**PROMPT**
Every record below is to be retyped exactly, with any pictures left out.

**INPUT**

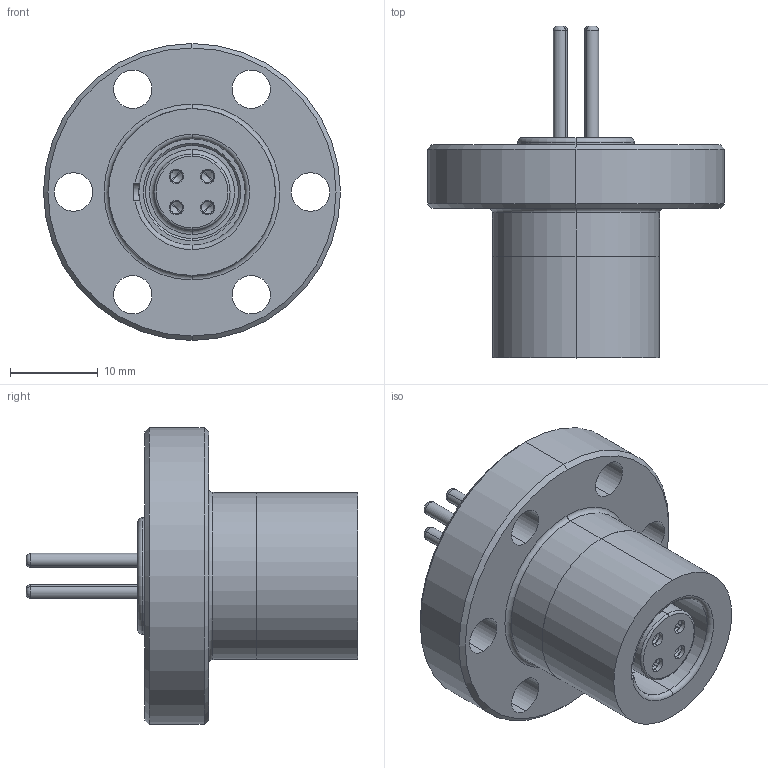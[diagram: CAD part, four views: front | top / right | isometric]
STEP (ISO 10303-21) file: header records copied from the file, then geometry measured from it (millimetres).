
FILE_DESCRIPTION (( 'STEP AP203' ), '1' );
FILE_NAME ('23655-01-CF.STEP', '2019-10-11T14:03:37', ( '' ), ( '' ), 'SwSTEP 2.0', 'SolidWorks 2019', '' );
FILE_SCHEMA (( 'CONFIG_CONTROL_DESIGN' ));
Length unit declared in the file: inch
Products named in the file (7): 23652_01; 23132_01; 23660_01; 23659_01; 23655-01-CF; 23134_01; 06863_01
Assembly tree (10 placements, depth 3):
  23655-01-CF
    23652_01
      23659_01
      23132_01  x2
      23660_01  x4
      23134_01
    06863_01
Bounding box: 33.78 x 37.74 x 33.78 mm (x, y, z)
Volume: 8893.2 mm3; surface area: 9237.5 mm2
Topology: 9 solids, 9 shells, 229 faces, 539 edges, 336 vertices
Faces by surface type: cylinder 107, plane 66, cone 29, torus 27
Entity records: 5314 total; most frequent: DIRECTION 883, CARTESIAN_POINT 784, ORIENTED_EDGE 690, AXIS2_PLACEMENT_3D 382, EDGE_CURVE 345, CIRCLE 217, VERTEX_POINT 217, EDGE_LOOP 196

**FINISHED EXERCISE**
[diagram: CAD part, four views: front | top / right | isometric]
STEP (ISO 10303-21) file: header records copied from the file, then geometry measured from it (millimetres).
FILE_DESCRIPTION (( 'STEP AP203' ), '1' );
FILE_NAME ('23655-01-CF.STEP', '2019-10-11T14:03:37', ( '' ), ( '' ), 'SwSTEP 2.0', 'SolidWorks 2019', '' );
FILE_SCHEMA (( 'CONFIG_CONTROL_DESIGN' ));
Length unit declared in the file: inch
Products named in the file (7): 23652_01; 23132_01; 23660_01; 23659_01; 23655-01-CF; 23134_01; 06863_01
Assembly tree (10 placements, depth 3):
  23655-01-CF
    23652_01
      23659_01
      23132_01  x2
      23660_01  x4
      23134_01
    06863_01
Bounding box: 33.78 x 37.74 x 33.78 mm (x, y, z)
Volume: 8893.2 mm3; surface area: 9237.5 mm2
Topology: 9 solids, 9 shells, 229 faces, 539 edges, 336 vertices
Faces by surface type: cylinder 107, plane 66, cone 29, torus 27
Entity records: 5314 total; most frequent: DIRECTION 883, CARTESIAN_POINT 784, ORIENTED_EDGE 690, AXIS2_PLACEMENT_3D 382, EDGE_CURVE 345, CIRCLE 217, VERTEX_POINT 217, EDGE_LOOP 196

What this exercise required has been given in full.